• [WHAT TO WORK ON]
Give back every line of the data, transcribed exactly.

[Items from a dataset]
################
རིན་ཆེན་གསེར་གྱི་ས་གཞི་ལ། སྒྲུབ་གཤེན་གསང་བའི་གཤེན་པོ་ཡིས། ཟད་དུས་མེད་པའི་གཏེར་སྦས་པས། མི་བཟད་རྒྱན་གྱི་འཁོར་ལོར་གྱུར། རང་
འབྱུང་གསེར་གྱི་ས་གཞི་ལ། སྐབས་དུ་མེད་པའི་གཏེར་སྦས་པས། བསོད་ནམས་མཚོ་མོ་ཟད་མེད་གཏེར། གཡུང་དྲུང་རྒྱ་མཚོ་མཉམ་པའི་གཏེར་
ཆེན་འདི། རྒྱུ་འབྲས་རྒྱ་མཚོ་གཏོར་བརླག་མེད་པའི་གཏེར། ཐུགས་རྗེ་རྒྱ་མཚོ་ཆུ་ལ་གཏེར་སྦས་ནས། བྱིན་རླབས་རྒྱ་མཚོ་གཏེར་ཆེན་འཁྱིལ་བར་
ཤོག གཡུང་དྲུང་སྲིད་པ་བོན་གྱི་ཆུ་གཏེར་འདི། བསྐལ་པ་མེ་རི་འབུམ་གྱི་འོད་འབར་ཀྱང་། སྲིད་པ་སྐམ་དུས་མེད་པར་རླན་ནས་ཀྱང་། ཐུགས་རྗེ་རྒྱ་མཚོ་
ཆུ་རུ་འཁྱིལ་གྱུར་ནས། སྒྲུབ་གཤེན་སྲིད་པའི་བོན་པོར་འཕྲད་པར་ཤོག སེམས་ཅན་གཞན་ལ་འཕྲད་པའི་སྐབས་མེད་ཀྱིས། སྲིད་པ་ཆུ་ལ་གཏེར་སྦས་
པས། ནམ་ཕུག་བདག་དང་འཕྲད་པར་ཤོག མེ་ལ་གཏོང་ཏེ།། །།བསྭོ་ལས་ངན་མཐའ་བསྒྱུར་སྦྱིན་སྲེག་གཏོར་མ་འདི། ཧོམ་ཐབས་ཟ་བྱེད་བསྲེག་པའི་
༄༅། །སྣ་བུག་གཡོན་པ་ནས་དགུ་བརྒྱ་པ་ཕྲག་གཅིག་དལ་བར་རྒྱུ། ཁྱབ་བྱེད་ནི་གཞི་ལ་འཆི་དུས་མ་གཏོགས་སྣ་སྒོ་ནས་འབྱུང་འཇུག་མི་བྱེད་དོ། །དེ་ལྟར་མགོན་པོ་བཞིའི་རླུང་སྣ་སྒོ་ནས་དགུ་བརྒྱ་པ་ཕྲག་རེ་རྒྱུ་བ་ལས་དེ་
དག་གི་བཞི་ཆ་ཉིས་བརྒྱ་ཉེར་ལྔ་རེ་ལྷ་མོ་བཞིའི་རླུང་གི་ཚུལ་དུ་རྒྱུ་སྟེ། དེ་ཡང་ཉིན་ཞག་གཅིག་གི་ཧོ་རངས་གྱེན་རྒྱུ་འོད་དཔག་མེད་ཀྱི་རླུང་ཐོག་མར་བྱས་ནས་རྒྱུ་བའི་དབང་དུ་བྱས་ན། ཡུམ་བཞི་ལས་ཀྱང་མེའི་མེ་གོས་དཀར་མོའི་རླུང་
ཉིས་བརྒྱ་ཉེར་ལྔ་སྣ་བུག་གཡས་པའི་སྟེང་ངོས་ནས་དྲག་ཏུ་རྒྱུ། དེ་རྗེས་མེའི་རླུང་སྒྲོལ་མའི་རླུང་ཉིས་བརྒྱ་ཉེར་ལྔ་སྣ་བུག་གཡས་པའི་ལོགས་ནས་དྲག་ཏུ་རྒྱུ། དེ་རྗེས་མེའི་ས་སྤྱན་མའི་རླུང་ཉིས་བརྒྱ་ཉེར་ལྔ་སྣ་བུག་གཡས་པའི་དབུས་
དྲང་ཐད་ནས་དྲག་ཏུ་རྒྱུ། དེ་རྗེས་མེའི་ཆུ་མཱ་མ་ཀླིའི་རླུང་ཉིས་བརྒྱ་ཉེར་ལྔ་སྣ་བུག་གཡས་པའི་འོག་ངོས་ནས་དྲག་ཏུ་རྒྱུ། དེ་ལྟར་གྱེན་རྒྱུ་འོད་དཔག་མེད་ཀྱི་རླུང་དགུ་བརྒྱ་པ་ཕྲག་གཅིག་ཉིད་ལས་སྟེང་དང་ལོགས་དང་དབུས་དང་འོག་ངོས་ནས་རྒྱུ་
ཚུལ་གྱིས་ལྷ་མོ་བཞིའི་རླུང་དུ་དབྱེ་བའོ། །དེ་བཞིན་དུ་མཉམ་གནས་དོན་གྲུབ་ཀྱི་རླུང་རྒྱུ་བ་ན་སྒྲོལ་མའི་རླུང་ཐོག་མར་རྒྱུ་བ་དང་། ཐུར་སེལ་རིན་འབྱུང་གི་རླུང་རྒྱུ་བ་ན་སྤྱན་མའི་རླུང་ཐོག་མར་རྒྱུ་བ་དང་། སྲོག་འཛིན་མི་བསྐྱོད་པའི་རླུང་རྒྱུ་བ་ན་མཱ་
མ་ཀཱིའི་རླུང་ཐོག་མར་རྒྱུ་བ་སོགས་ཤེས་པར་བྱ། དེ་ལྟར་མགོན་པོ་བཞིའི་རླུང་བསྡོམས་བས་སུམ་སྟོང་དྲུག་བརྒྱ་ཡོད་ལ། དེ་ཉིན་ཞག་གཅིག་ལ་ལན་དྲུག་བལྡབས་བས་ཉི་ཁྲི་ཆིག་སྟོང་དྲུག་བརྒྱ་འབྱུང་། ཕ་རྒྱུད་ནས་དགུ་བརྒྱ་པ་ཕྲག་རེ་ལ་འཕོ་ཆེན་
################
• [OUTPUT FOR THIS TASK]
རིན་ཆེན་གསེར་གྱི་ས་གཞི་ལ། སྒྲུབ་གཤེན་གསང་བའི་གཤེན་པོ་ཡིས། ཟད་དུས་མེད་པའི་གཏེར་སྦས་པས། མི་བཟད་རྒྱན་གྱི་འཁོར་ལོར་གྱུར། རང་
འབྱུང་གསེར་གྱི་ས་གཞི་ལ། སྐབས་དུ་མེད་པའི་གཏེར་སྦས་པས། བསོད་ནམས་མཚོ་མོ་ཟད་མེད་གཏེར། གཡུང་དྲུང་རྒྱ་མཚོ་མཉམ་པའི་གཏེར་
ཆེན་འདི། རྒྱུ་འབྲས་རྒྱ་མཚོ་གཏོར་བརླག་མེད་པའི་གཏེར། ཐུགས་རྗེ་རྒྱ་མཚོ་ཆུ་ལ་གཏེར་སྦས་ནས། བྱིན་རླབས་རྒྱ་མཚོ་གཏེར་ཆེན་འཁྱིལ་བར་
ཤོག གཡུང་དྲུང་སྲིད་པ་བོན་གྱི་ཆུ་གཏེར་འདི། བསྐལ་པ་མེ་རི་འབུམ་གྱི་འོད་འབར་ཀྱང་། སྲིད་པ་སྐམ་དུས་མེད་པར་རླན་ནས་ཀྱང་། ཐུགས་རྗེ་རྒྱ་མཚོ་
ཆུ་རུ་འཁྱིལ་གྱུར་ནས། སྒྲུབ་གཤེན་སྲིད་པའི་བོན་པོར་འཕྲད་པར་ཤོག སེམས་ཅན་གཞན་ལ་འཕྲད་པའི་སྐབས་མེད་ཀྱིས། སྲིད་པ་ཆུ་ལ་གཏེར་སྦས་
པས། ནམ་ཕུག་བདག་དང་འཕྲད་པར་ཤོག མེ་ལ་གཏོང་ཏེ།། །།བསྭོ་ལས་ངན་མཐའ་བསྒྱུར་སྦྱིན་སྲེག་གཏོར་མ་འདི། ཧོམ་ཐབས་ཟ་བྱེད་བསྲེག་པའི་
༄༅། །སྣ་བུག་གཡོན་པ་ནས་དགུ་བརྒྱ་པ་ཕྲག་གཅིག་དལ་བར་རྒྱུ། ཁྱབ་བྱེད་ནི་གཞི་ལ་འཆི་དུས་མ་གཏོགས་སྣ་སྒོ་ནས་འབྱུང་འཇུག་མི་བྱེད་དོ། །དེ་ལྟར་མགོན་པོ་བཞིའི་རླུང་སྣ་སྒོ་ནས་དགུ་བརྒྱ་པ་ཕྲག་རེ་རྒྱུ་བ་ལས་དེ་
དག་གི་བཞི་ཆ་ཉིས་བརྒྱ་ཉེར་ལྔ་རེ་ལྷ་མོ་བཞིའི་རླུང་གི་ཚུལ་དུ་རྒྱུ་སྟེ། དེ་ཡང་ཉིན་ཞག་གཅིག་གི་ཧོ་རངས་གྱེན་རྒྱུ་འོད་དཔག་མེད་ཀྱི་རླུང་ཐོག་མར་བྱས་ནས་རྒྱུ་བའི་དབང་དུ་བྱས་ན། ཡུམ་བཞི་ལས་ཀྱང་མེའི་མེ་གོས་དཀར་མོའི་རླུང་
ཉིས་བརྒྱ་ཉེར་ལྔ་སྣ་བུག་གཡས་པའི་སྟེང་ངོས་ནས་དྲག་ཏུ་རྒྱུ། དེ་རྗེས་མེའི་རླུང་སྒྲོལ་མའི་རླུང་ཉིས་བརྒྱ་ཉེར་ལྔ་སྣ་བུག་གཡས་པའི་ལོགས་ནས་དྲག་ཏུ་རྒྱུ། དེ་རྗེས་མེའི་ས་སྤྱན་མའི་རླུང་ཉིས་བརྒྱ་ཉེར་ལྔ་སྣ་བུག་གཡས་པའི་དབུས་
དྲང་ཐད་ནས་དྲག་ཏུ་རྒྱུ། དེ་རྗེས་མེའི་ཆུ་མཱ་མ་ཀླིའི་རླུང་ཉིས་བརྒྱ་ཉེར་ལྔ་སྣ་བུག་གཡས་པའི་འོག་ངོས་ནས་དྲག་ཏུ་རྒྱུ། དེ་ལྟར་གྱེན་རྒྱུ་འོད་དཔག་མེད་ཀྱི་རླུང་དགུ་བརྒྱ་པ་ཕྲག་གཅིག་ཉིད་ལས་སྟེང་དང་ལོགས་དང་དབུས་དང་འོག་ངོས་ནས་རྒྱུ་
ཚུལ་གྱིས་ལྷ་མོ་བཞིའི་རླུང་དུ་དབྱེ་བའོ། །དེ་བཞིན་དུ་མཉམ་གནས་དོན་གྲུབ་ཀྱི་རླུང་རྒྱུ་བ་ན་སྒྲོལ་མའི་རླུང་ཐོག་མར་རྒྱུ་བ་དང་། ཐུར་སེལ་རིན་འབྱུང་གི་རླུང་རྒྱུ་བ་ན་སྤྱན་མའི་རླུང་ཐོག་མར་རྒྱུ་བ་དང་། སྲོག་འཛིན་མི་བསྐྱོད་པའི་རླུང་རྒྱུ་བ་ན་མཱ་
མ་ཀཱིའི་རླུང་ཐོག་མར་རྒྱུ་བ་སོགས་ཤེས་པར་བྱ། དེ་ལྟར་མགོན་པོ་བཞིའི་རླུང་བསྡོམས་བས་སུམ་སྟོང་དྲུག་བརྒྱ་ཡོད་ལ། དེ་ཉིན་ཞག་གཅིག་ལ་ལན་དྲུག་བལྡབས་བས་ཉི་ཁྲི་ཆིག་སྟོང་དྲུག་བརྒྱ་འབྱུང་། ཕ་རྒྱུད་ནས་དགུ་བརྒྱ་པ་ཕྲག་རེ་ལ་འཕོ་ཆེན་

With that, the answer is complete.